On a multiprocessor system, a copy of the kernel actually runs on each processor. These kernel segments are used to maintain coherency of shared system resources that need to be accessed by threads running on all processors.
The kernel is also responsible for handling system interrupts from physical devices such as I/O devices, processor clocks, or timers. Normally, when there is a system interrupt, the kernel will preempt a running thread to process the interrupt.
The final use of the kernel in Windows NT is to provide support for power failure recovery. If the NT system is equipped with an intelligent uninterruptable power supply (UPS), the kernel is notified when a power failure is detected. The kernel then coordinates an orderly shutdown of the system, which includes notifying I/O devices of the power failure and allowing them to reset accordingly.
The NT Executive
NT Executive provides the operating system fundamentals that can be provided to all other applications running on the system. This includes services such as object management, virtual memory management, I/O management, and process management. NT kernel is actually part of the NT Executive. The NT Executive runs exclusively in kernel mode and is called by the protected environment subsystems when they need services. Because of the hierarchy of Windows NT, user applications do not call pieces of the NT Executive directly, but rather request services from the environment subsystems, such as the Win32 and POSIX subsystems, which then in turn call the NT Executive components.

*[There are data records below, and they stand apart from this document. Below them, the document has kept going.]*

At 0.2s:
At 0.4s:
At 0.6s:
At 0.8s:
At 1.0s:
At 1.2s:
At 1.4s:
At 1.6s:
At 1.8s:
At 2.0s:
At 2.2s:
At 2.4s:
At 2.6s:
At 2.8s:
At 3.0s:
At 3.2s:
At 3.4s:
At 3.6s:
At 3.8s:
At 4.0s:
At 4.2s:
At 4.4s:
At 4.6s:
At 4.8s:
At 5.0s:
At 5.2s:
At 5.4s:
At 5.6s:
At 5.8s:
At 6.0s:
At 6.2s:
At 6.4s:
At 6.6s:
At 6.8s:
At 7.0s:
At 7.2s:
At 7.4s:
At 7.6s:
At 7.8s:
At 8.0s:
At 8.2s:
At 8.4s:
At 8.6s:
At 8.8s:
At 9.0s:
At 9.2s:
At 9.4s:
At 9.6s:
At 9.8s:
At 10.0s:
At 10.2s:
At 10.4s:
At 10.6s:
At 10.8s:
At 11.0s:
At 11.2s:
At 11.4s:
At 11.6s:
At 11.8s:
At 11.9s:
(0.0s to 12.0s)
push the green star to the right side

Aside from the kernel itself, the major pieces of the NT Executive are as follows:
The Object Manager piece of the NT Executive is used to create, modify, and delete objects used by all the systems that make up the NT Executive. Objects are abstract data types that are used to represent operating system resources. It also provides information on the status of objects to the rest of the operating system. The Object Manager also makes sure an object does not consume too many resources (usually system memory) by maintaining quotas for different object types. In addition, the Object Manager is responsible for cleaning up orphaned objects that seem to have no owner. This is known as garbage collection. Lack of a similar facility in Windows 3.x was a major cause of trouble. In Windows 3.x, if a program crashed, or if it didn't handle system resources properly, the system resources it consumed would not be properly returned to the available system pool, resulting in an error message about the lack of system resources. In effect, this was a memory leak.

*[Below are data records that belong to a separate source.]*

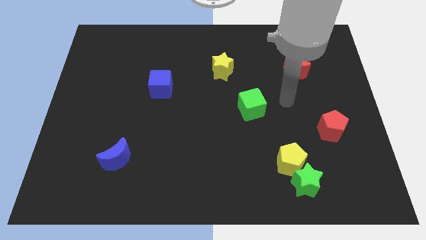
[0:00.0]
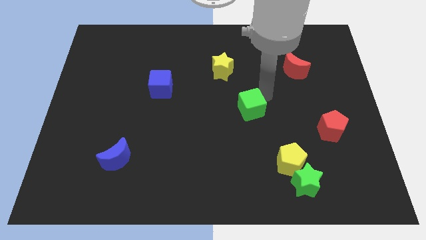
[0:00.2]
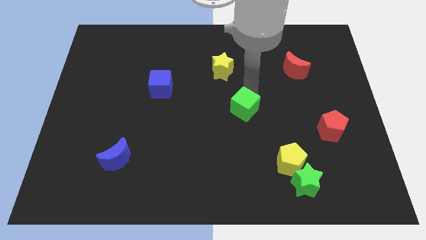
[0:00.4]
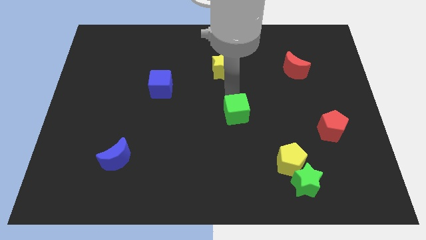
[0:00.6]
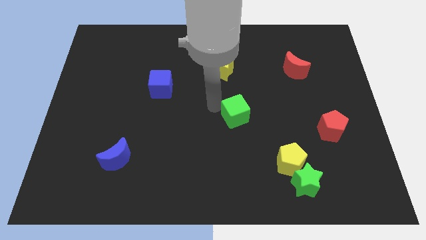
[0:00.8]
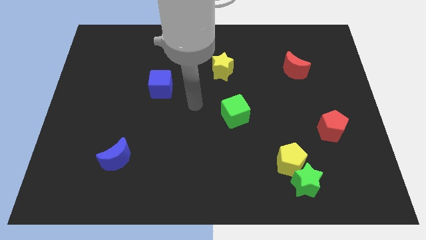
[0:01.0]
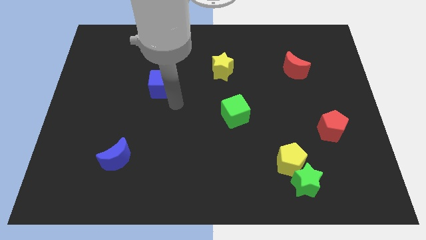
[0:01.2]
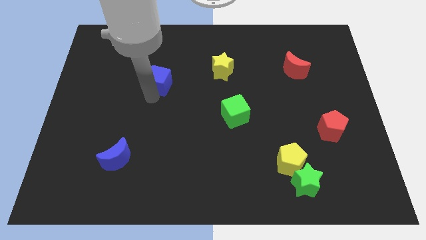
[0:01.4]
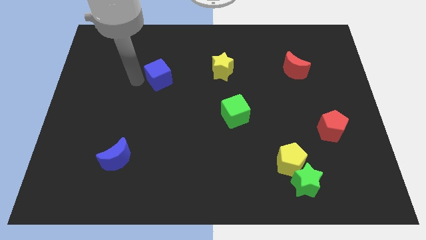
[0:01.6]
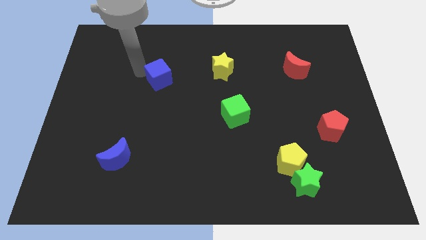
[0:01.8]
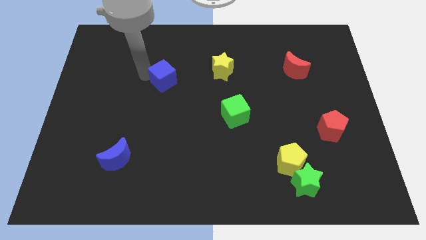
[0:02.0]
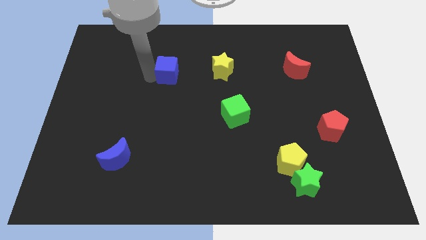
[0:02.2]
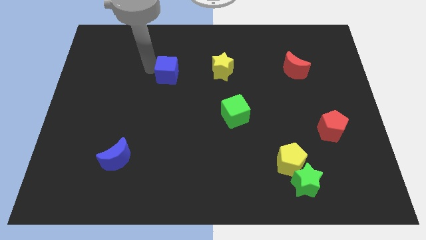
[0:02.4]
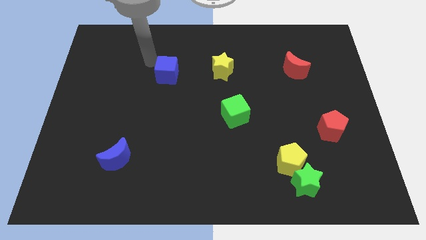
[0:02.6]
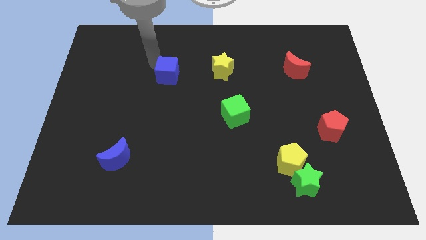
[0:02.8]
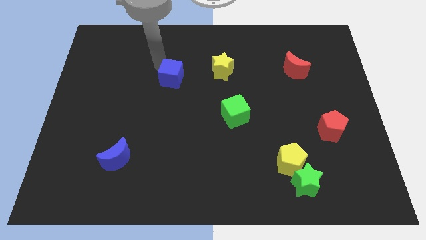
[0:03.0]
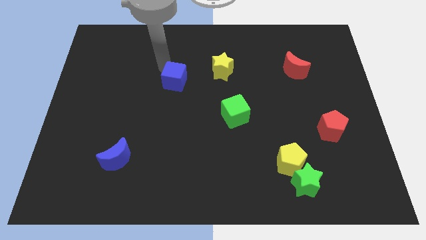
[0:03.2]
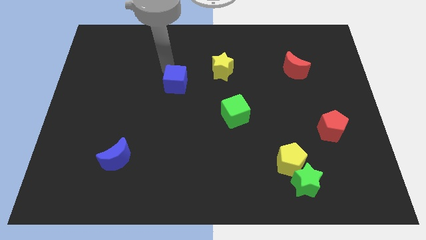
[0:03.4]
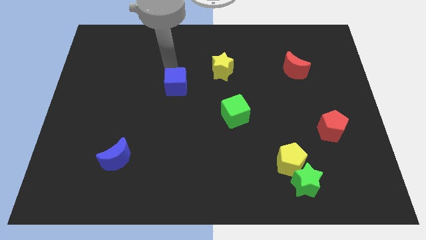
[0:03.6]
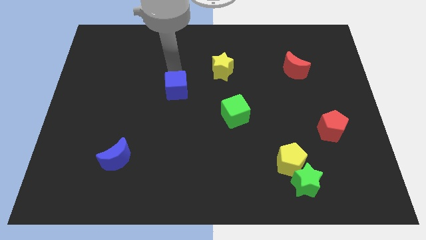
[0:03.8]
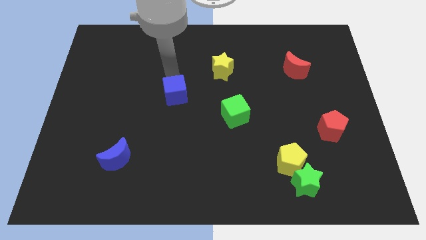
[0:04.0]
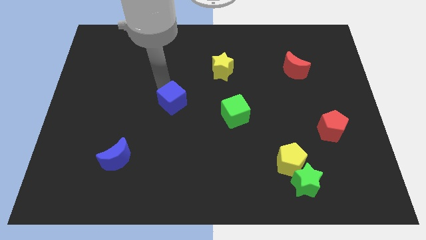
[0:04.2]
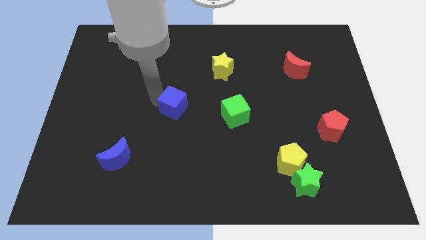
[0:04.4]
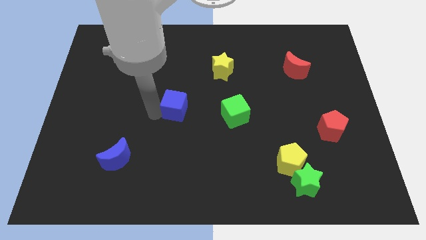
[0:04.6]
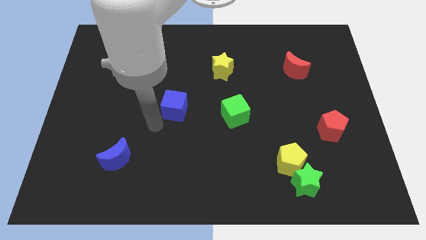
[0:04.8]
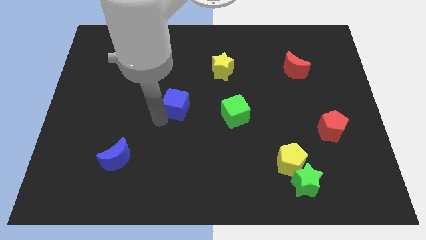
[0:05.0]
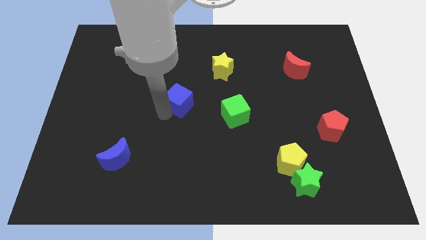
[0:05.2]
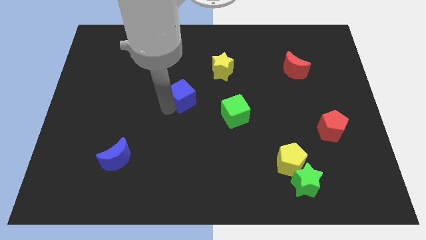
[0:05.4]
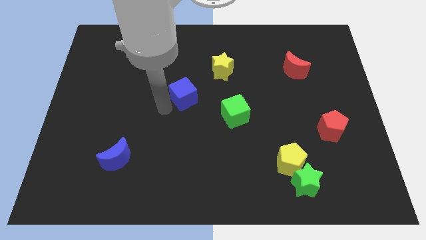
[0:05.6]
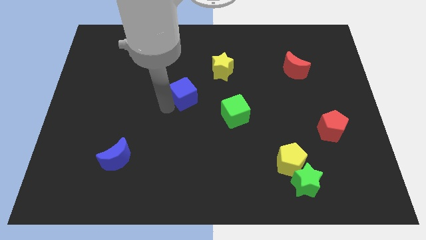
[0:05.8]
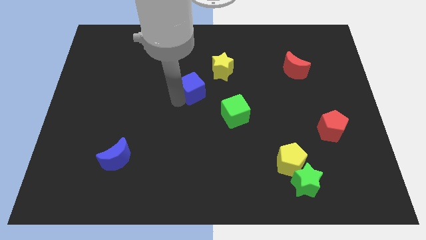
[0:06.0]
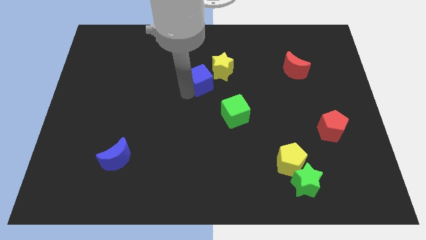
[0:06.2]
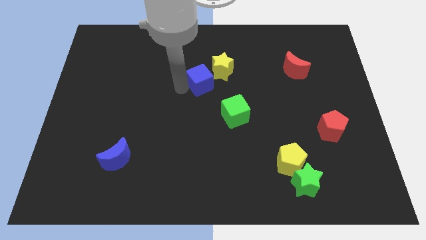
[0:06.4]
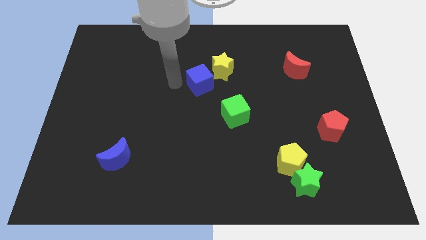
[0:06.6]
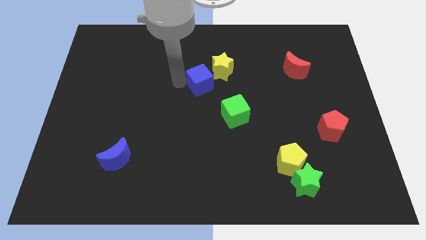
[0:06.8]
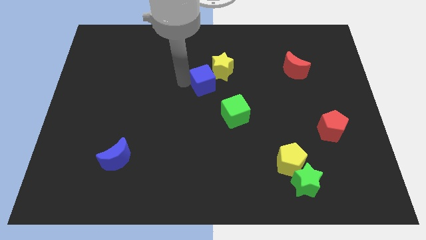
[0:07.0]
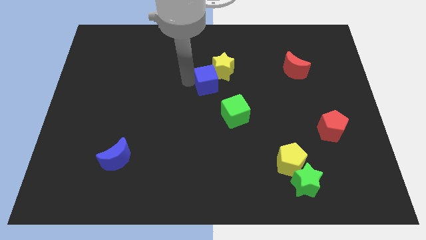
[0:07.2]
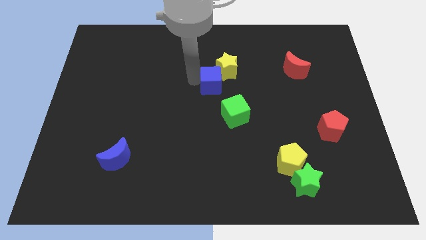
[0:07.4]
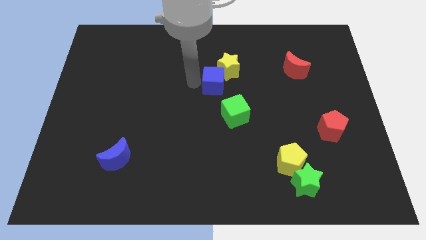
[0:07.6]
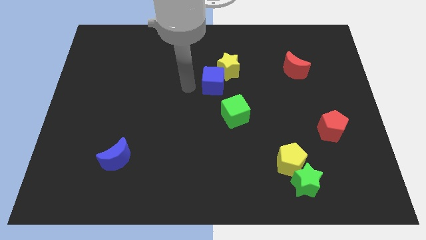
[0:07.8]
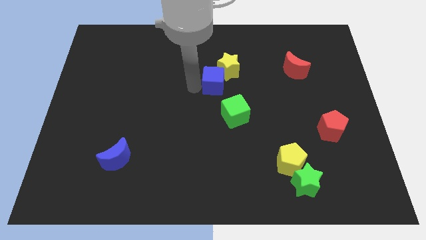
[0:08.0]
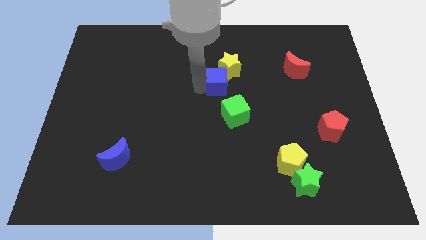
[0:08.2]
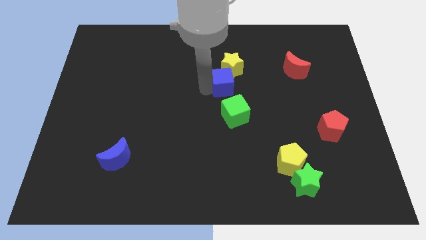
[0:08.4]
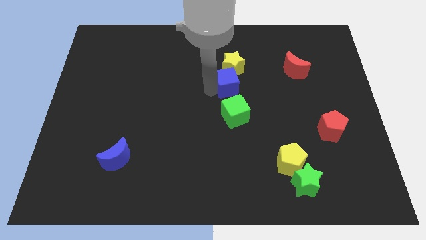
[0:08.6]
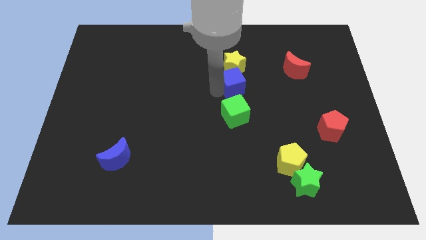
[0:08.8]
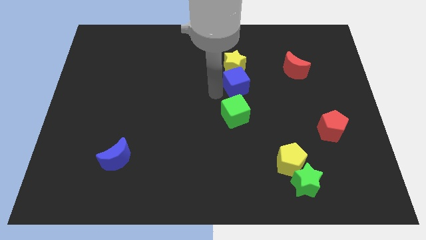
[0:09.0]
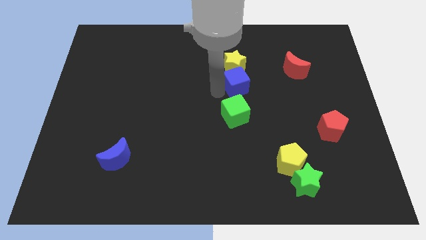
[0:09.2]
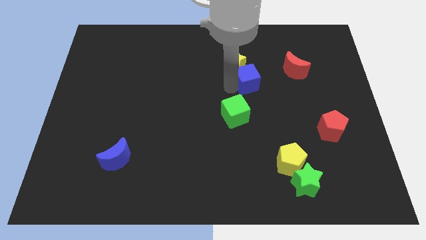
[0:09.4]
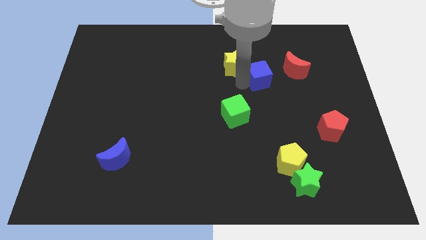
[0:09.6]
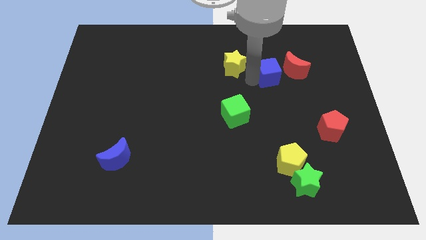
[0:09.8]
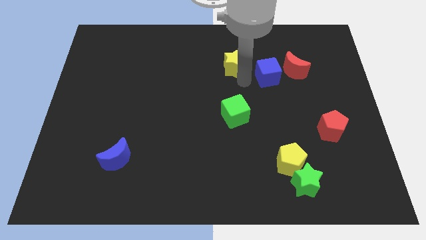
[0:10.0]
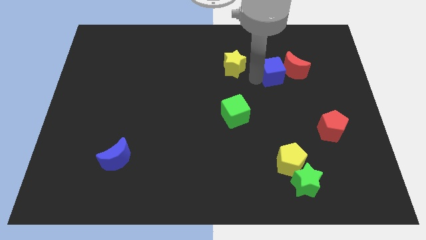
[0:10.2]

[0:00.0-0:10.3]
move the blue cube to the red moon

The Process Manager is responsible for creating, removing, and modifying the states of all processes and threads. It also provides information on the status of processes and threads to the rest of the system. The Process Manager, like all members of the NT Executive, plays a vital role in the operation of the entire system. When an application is started, it is created as a process, which requires a call to the Process Manager.
Virtual Memory Manager
The Virtual Memory Manager (VMM) provides management of the system's virtual memory pool. Virtual memory is a scheme that allows disk resources to be used instead of physical system memory by moving pages out to disk when they are not in use and retrieving them when they are needed. This is an integral piece of Windows NT, which allocates a 32-bit address space to each process regardless of the actual amount of physical memory in the system.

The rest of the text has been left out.